Silvio Gesell cuestionó las rigideces de la teoría cuantitativa y del patrón oro, en especial por la experiencia argentina de la caja de conversión, que al restringir la emisión provocó una deflación que profundizó la crisis económica. El corazón de toda su obra radica en haber identificado una diferencia dinámica entre el valor de las mercancías y el dinero. La exposición de las mercancías al paso del tiempo, a su merma y costos de guarda acarrean una pérdida de valor que se traduce en una urgencia por concretar su venta.
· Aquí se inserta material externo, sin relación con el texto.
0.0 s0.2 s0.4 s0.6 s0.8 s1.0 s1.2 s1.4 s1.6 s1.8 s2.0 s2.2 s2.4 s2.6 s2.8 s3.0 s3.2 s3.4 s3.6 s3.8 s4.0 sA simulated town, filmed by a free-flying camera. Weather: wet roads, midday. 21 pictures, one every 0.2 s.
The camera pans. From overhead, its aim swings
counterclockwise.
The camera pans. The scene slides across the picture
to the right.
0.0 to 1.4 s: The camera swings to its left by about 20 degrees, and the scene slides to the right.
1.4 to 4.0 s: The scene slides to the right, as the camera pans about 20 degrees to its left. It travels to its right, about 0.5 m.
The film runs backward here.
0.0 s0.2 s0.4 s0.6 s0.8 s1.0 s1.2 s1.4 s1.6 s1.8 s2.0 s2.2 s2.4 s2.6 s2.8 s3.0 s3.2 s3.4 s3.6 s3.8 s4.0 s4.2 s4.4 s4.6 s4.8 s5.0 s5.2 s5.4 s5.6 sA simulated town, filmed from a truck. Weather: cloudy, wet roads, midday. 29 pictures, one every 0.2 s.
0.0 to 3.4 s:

En cambio, el dinero corre con la ventaja de no sufrir degradación por el paso del tiempo, primero por ser de metal resistente como el oro, y después, al volverse cartal, por haber trasladado tal atributo en la acuñación, con la nominalidad estampada en una moneda. La impresión de billetes lleva esta propiedad al extremo al haberse reducido el soporte físico a un pequeño papelito con valor intrínseco despreciable. Pero lo peor no es la pérdida del autohylismo, sino que el valor impreso no puede ser modificado.9 Para los economistas clásicos, la necesidad de una medida invariante del valor parecía una necesidad insoslayable y el dinero era neutral, apenas un velo que había que correr del análisis.10 En Walras toma el lugar fantasmagórico de un numerario matemático, como escala para medir todas las mercancías. Alejandro Bunge, en La falacia de la moneda como unidad constante de valor, sostiene que la búsqueda de una medida invariante de valor era sencillamente una “quimera”, una “ficción jurídica”. El dinero solo podía tener un valor estable en un lugar acotado y durante un espacio de tiempo corto.
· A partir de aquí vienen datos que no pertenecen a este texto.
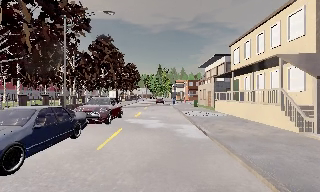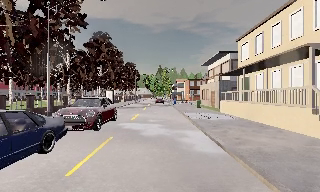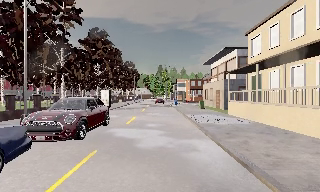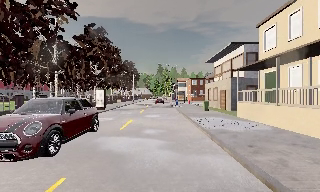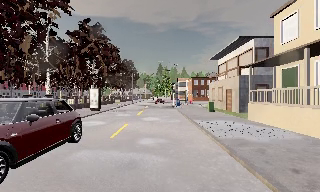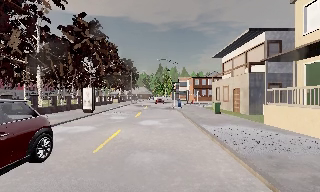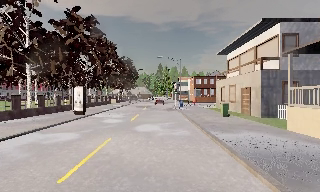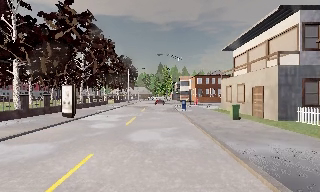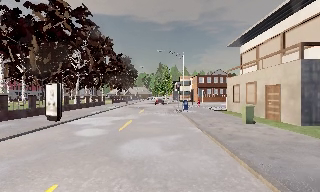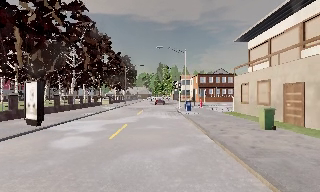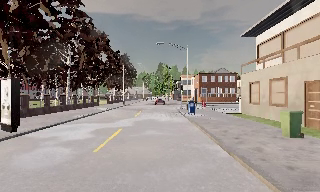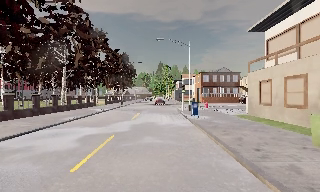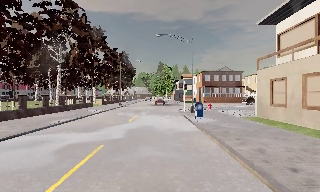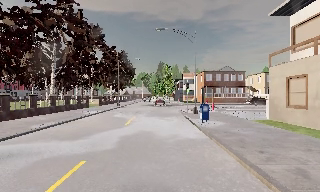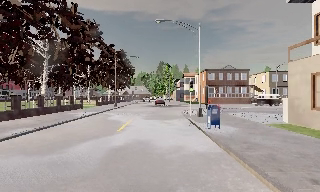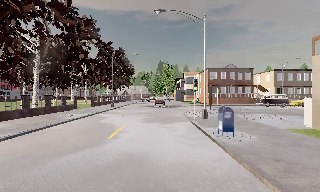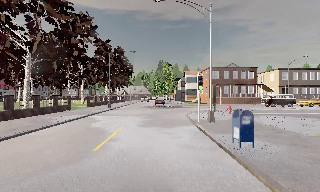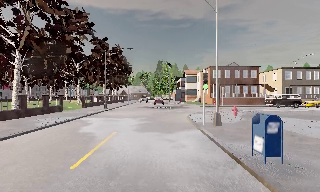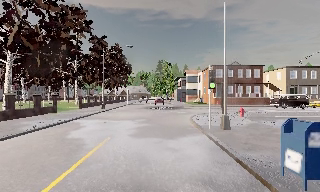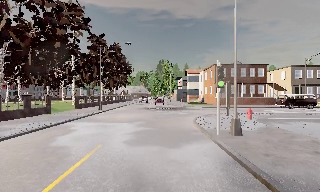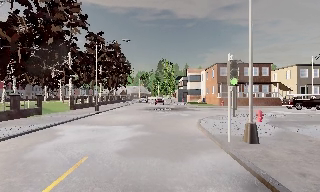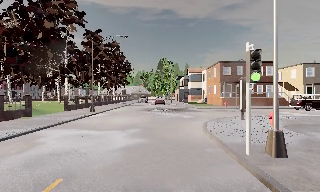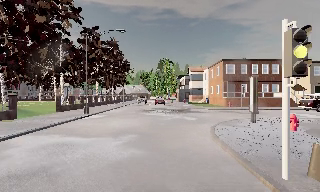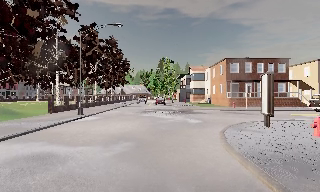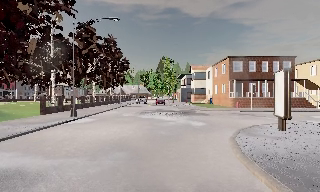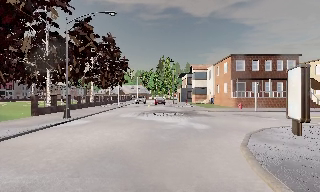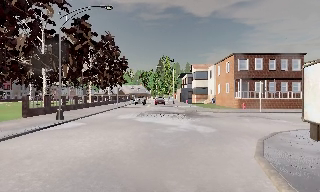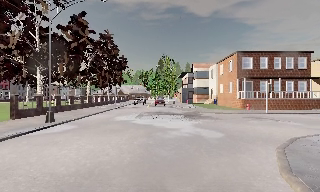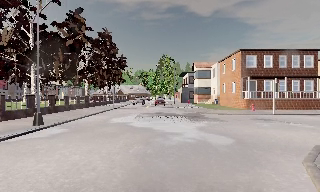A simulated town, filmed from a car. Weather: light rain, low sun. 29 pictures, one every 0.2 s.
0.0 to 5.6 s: The camera travels forward, about 40 m, so what stands in front looms larger. It loses speed.
The film runs forward here.
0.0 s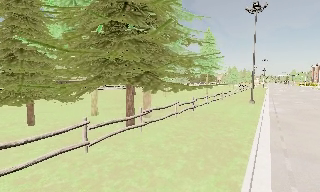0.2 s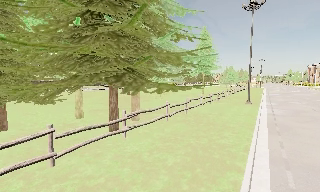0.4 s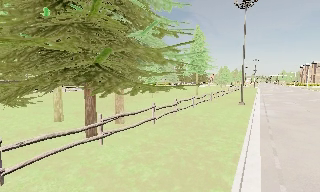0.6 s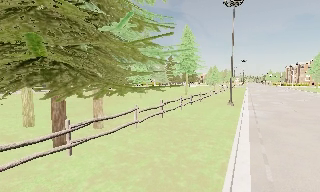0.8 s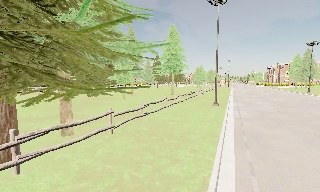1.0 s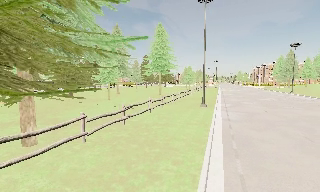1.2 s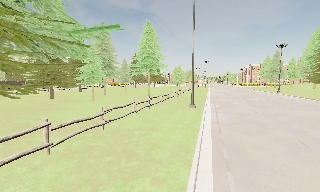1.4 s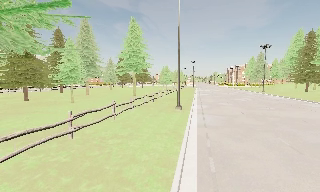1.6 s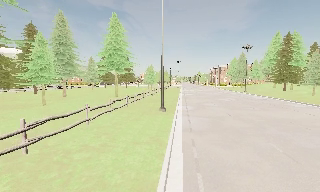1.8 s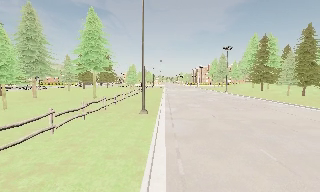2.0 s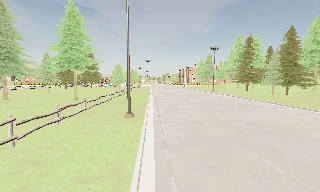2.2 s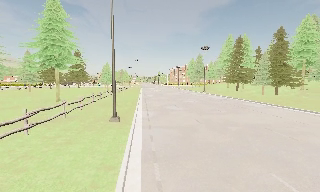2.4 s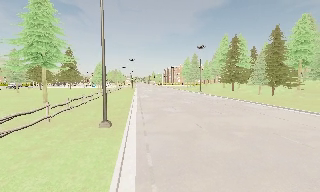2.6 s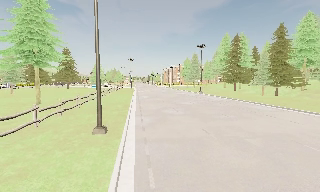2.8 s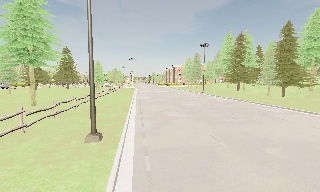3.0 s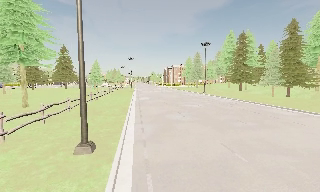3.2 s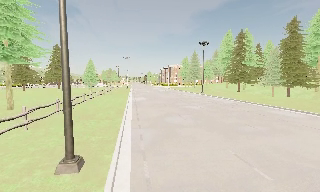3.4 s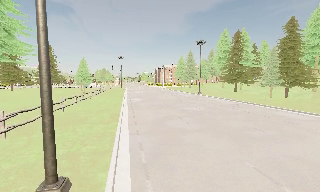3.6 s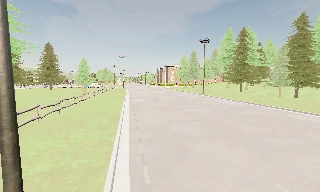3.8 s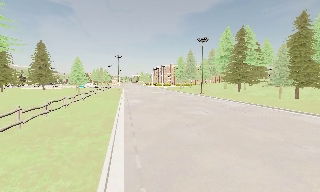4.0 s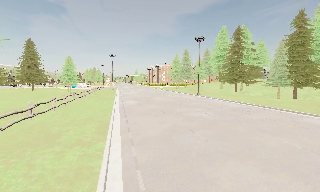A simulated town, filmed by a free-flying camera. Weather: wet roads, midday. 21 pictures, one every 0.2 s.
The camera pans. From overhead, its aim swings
clockwise.
The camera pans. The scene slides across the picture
to the left.
0.0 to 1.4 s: The camera pans to its right, which is clockwise from overhead, by about 20 degrees. It travels forward and to its right, about 7 m, so what stands in front looms larger.
1.4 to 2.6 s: The camera swings to its right by about 20 degrees, and the scene slides to the left. It travels forward, about 7 m, so what stands in front looms larger.
2.6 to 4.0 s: The camera travels forward, about 8 m, so what stands in front looms larger.
The film runs forward here.

Algunos han creído que las oscilaciones de “nuestra” moneda se salvaban refiriéndose a una moneda considerada “estable”, como el dólar o la libra, o bien, lo que es más aceptable, al “oro” mercancía. Ni aún hoy se ha desvanecido esa suposición (1984: 335-336).
A todos afecta, en distinta forma, la curiosa ficción jurídica que atribuye a la moneda las funciones de unidad constate de valor (ibídem: 325).
Para Bunge, las variaciones de una moneda podían tener lugar respecto a su poder de compra interno o respecto a otras monedas,11 siendo ambas variaciones independientes, al menos hasta cierto nivel. Estas variaciones del valor de la moneda traían aparejados diversos problemas, entre ellos el de las deudas, ya que no era honesto que el deudor devolviera la misma suma nominal si con eso se tenía menos poder de compra. El solo hecho de contratar en moneda era especular. Al hacerlo en buena fe se debía adoptar como referencia una unidad de valor “no monetaria”,12 lo cual al propio Bunge le parecía “paradojal”: “Algo como una balanza, ya sea gramo de oro o el gramo o kilogramo de trigo, o de varios productos combinados, o alguna medida tecnológica, o un índice más o menos general de precios” (ibídem: 328-329).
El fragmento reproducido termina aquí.